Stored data
********

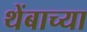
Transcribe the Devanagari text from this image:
थेंबाच्या
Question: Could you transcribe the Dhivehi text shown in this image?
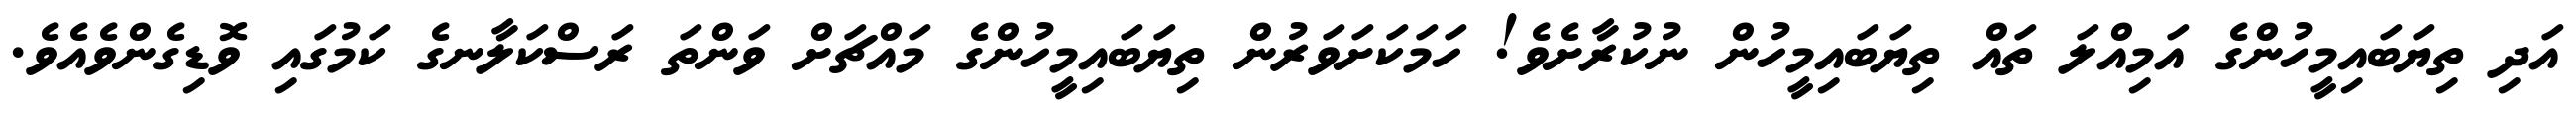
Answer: އަދި ތިޔަބައިމީހުންގެ އަމިއްލަ ތައް ތިޔަބައިމީހުން ނުކުރާށެވެ! ހަމަކަށަވަރުން ތިޔަބައިމީހުންގެ މައްޗަށް ވަންތަ ރަސްކަލާނގެ ކަމުގައި ވޮޑިގެންވެއެވެ.
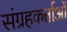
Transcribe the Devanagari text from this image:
संग्रहकर्त्ताओं
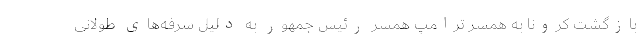
بازگشت کرونا به همسر ترامپ همسر رئیس جمهور به دلیل سرفه‌های طولانی
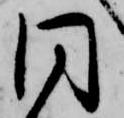
同
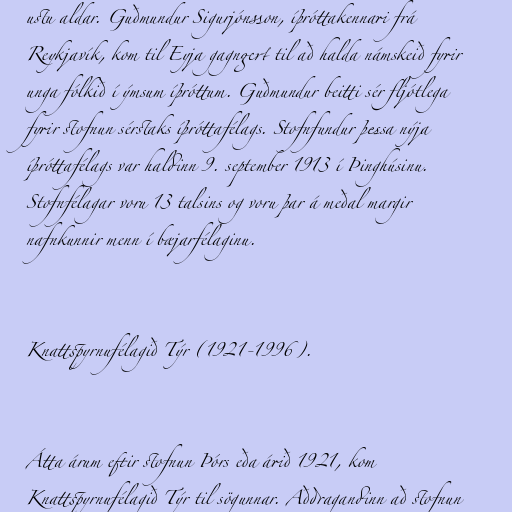
ustu aldar. Guðmundur Sigurjónsson, íþróttakennari frá
Reykjavík, kom til Eyja gagngert til að halda námskeið fyrir
unga fólkið í ýmsum íþróttum. Guðmundur beitti sér fljótlega
fyrir stofnun sérstaks íþróttafélags. Stofnfundur þessa nýja
íþróttafélags var haldinn 9. september 1913 í Þinghúsinu.
Stofnfélagar voru 13 talsins og voru þar á meðal margir
nafnkunnir menn í bæjarfélaginu.

Knattspyrnufélagið Týr (1921-1996).

Átta árum eftir stofnun Þórs eða árið 1921, kom
Knattspyrnufélagið Týr til sögunnar. Aðdragandinn að stofnun
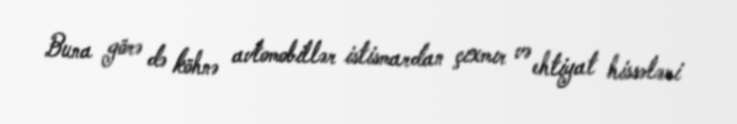
Buna görə də köhnə avtomobillər istismardan çıxmır və ehtiyat hissələri
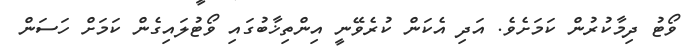
ވޯޓު ދިމާކުރުން ކަމަށެވެ. އަދި އެކަން ކުރެވޭނީ އިންތިޚާބުގައި ވޯޓުލައިގެން ކަމަށް ހަސަން
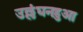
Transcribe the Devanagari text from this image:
उल्लंघनहुआ
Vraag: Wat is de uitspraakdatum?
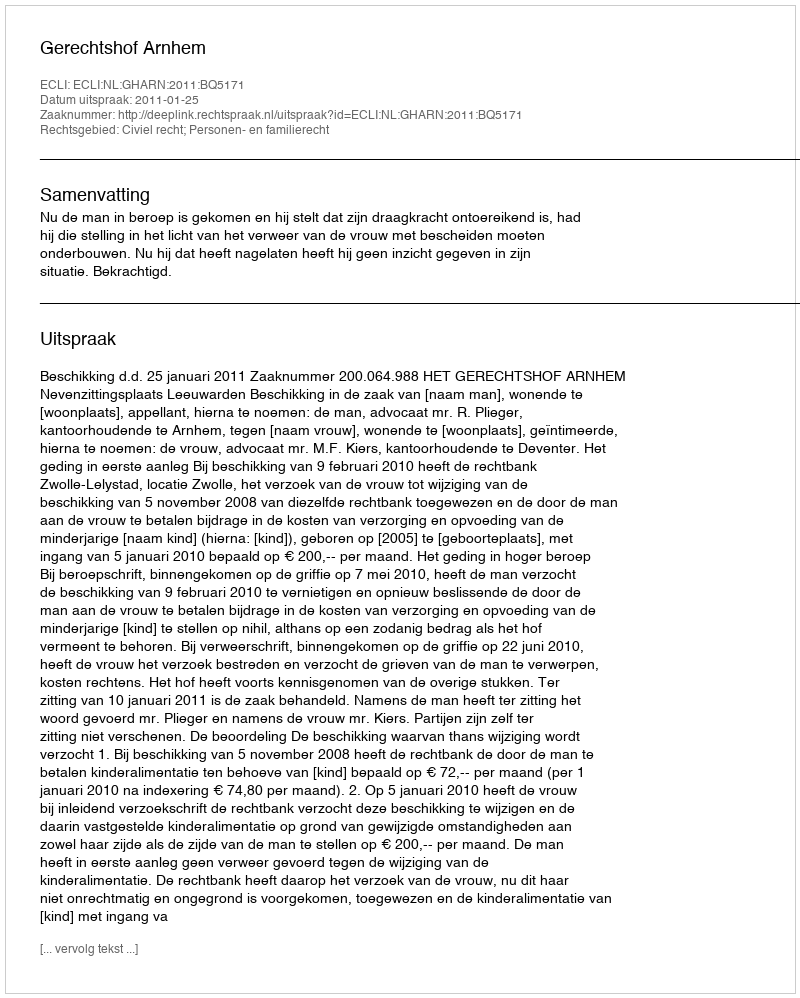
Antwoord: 2011-01-25
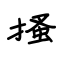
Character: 搔
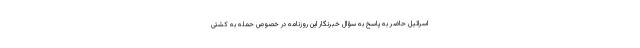
اسرائیل حاضر به پاسخ به سؤال خبرنگار این روزنامه در خصوص حمله به کشتی
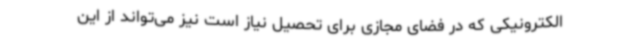
الکترونیکی که در فضای مجازی برای تحصیل نیاز است نیز می‌تواند از این
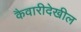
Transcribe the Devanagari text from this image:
कैवारीदेखील
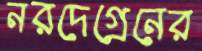
নরদেগ্রেনের
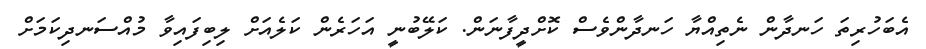
އެބަހުރިތަ ހަނދާން ނެތިއްޔާ ހަނދާންވެސް ކޮށްދީފާނަން. ކަލޭބުނީ އަހަރެން ކަލެއަށް ލިބިފައިވާ މުއްސަނދިކަމަށް
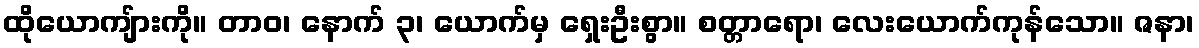
ထိုယောကျ်ားကို။ တာဝ၊ နောက် ၃၊ ယောက်မှ ရှေးဦးစွာ။ စတ္တာရော၊ လေးယောက်ကုန်သော။ ဇနာ၊
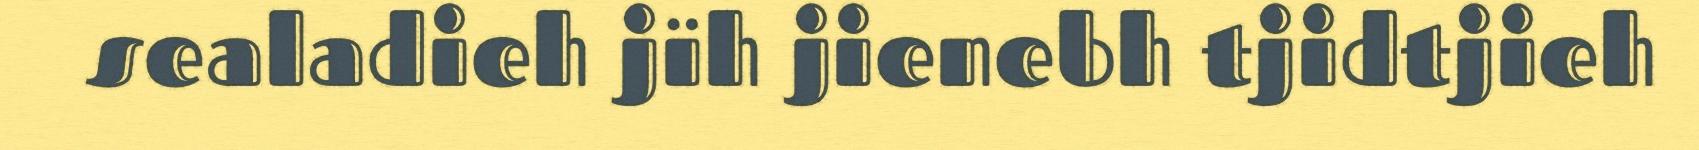
sealadieh jïh jienebh tjidtjieh
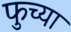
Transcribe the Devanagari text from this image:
फुच्या
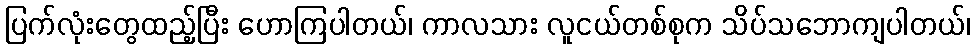
ပြက်လုံးတွေထည့်ပြီး ဟောကြပါတယ်၊ ကာလသား လူငယ်တစ်စုက သိပ်သဘောကျပါတယ်၊
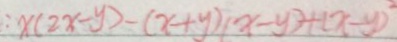
: x ( 2 x - y ) - ( x + y ) ( x - y ) + ( x - y ) ^ { 2 }
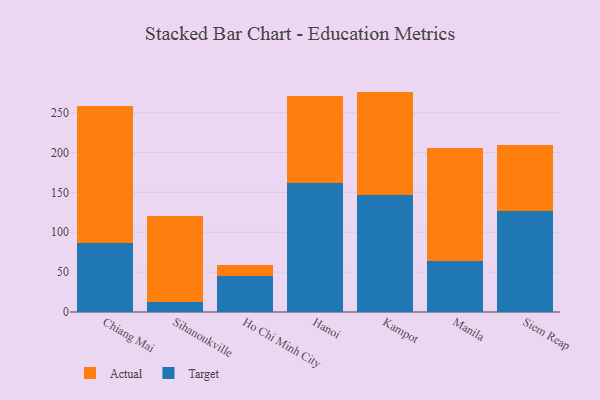
{"axis": {"x": "City", "y": "Production Output"}, "legend": ["Actual", "Target"], "data": [{"x": "Chiang Mai", "y": 86.2, "type": "Target"}, {"x": "Chiang Mai", "y": 172.0, "type": "Actual"}, {"x": "Sihanoukville", "y": 13.1, "type": "Target"}, {"x": "Sihanoukville", "y": 107.5, "type": "Actual"}, {"x": "Ho Chi Minh City", "y": 45.6, "type": "Target"}, {"x": "Ho Chi Minh City", "y": 13.4, "type": "Actual"}, {"x": "Hanoi", "y": 162.0, "type": "Target"}, {"x": "Hanoi", "y": 109.5, "type": "Actual"}, {"x": "Kampot", "y": 146.5, "type": "Target"}, {"x": "Kampot", "y": 130.0, "type": "Actual"}, {"x": "Manila", "y": 63.5, "type": "Target"}, {"x": "Manila", "y": 141.9, "type": "Actual"}, {"x": "Siem Reap", "y": 126.1, "type": "Target"}, {"x": "Siem Reap", "y": 83.2, "type": "Actual"}]}
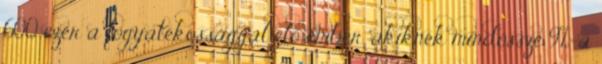
600 ezer a fogyatékossággal élő ember, akiknek mindössze 9%-a
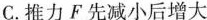
C.推力F先减小后增大
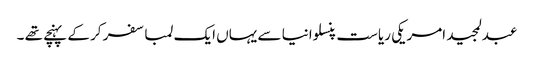
عبدلمجید امریکی ریاست پنسلوانیا سے یہاں ایک لمبا سفر کر کے پہنچے تھے ۔
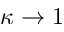
\kappa \rightarrow 1
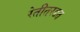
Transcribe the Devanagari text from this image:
रेतीतरडत
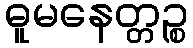
ဓူမနေတ္တဉ္စ
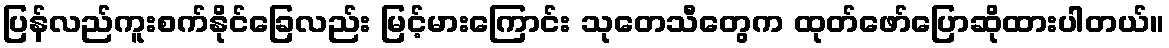
ပြန်လည်ကူးစက်နိုင်ခြေလည်း မြင့်မားကြောင်း သုတေသီတွေက ထုတ်ဖော်ပြောဆိုထားပါတယ်။
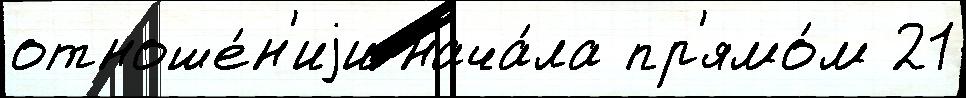
отноше́н'иjи нача́ла пр'ямо́м 21
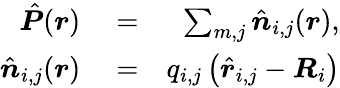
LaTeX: \begin{array}{rlr}{\hat{\boldsymbol P}(\boldsymbol r)}&{{}=}&{\sum_{m,j}\hat{\boldsymbol n}_{i,j}(\boldsymbol r),}\\ {\hat{\boldsymbol n}_{i,j}(\boldsymbol r)}&{{}=}&{q_{i,j}\left(\hat{\boldsymbol r}_{i,j}-\boldsymbol R_{i}\right)}\end{array}
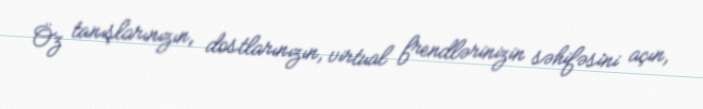
Öz tanışlarınızın, dostlarınızın, virtual frendlərinizin səhifəsini açın,
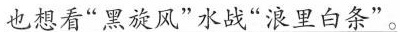
\underline{也想看”黑旋风”水战”浪里白条”。}
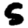
Digit: 5
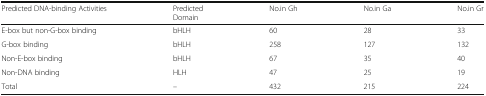
| Predicted DNA-binding Activities | PredictedDomain | No.in Gh | No.in Ga | No.in Gr |
 | --- | --- | --- | --- | --- |
 | E-box but non-G-box binding | bHLH | 60 | 28 | 33 |
 | G-box binding | bHLH | 258 | 127 | 132 |
 | Non-E-box binding | bHLH | 67 | 35 | 40 |
 | Non-DNA binding | HLH | 47 | 25 | 19 |
 | Total | – | 432 | 215 | 224 |
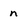
Character: n
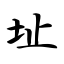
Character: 址
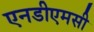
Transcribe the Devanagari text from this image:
एनडीएमसी
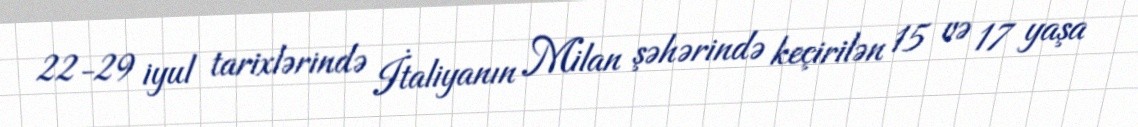
22-29 iyul tarixlərində İtaliyanın Milan şəhərində keçirilən 15 və 17 yaşa
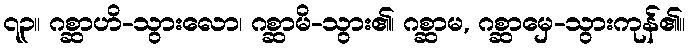
၇၃။ ဂစ္ဆာဟိ-သွားလော၊ ဂစ္ဆာမိ-သွား၏၊ ဂစ္ဆာမ, ဂစ္ဆာမှေ-သွားကုန်၏၊၊
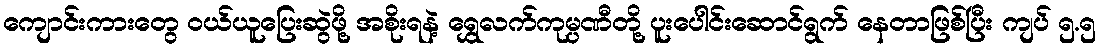
ကျောင်းကားတွေ ဝယ်ယူပြေးဆွဲဖို့ အစိုးရနဲ့ ရွှေလက်ကုမ္ပဏီတို့ ပူးပေါင်းဆောင်ရွက် နေတာဖြစ်ပြီး ကျပ် ၅.၅
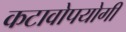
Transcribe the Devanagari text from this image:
कटावोपयोगी

********

**Goal of the exercise**
Looking at the records above, which lines contain "Character"? Copy those lines.

**Exercise answer**
Character: 搔
Character: n
Character: 址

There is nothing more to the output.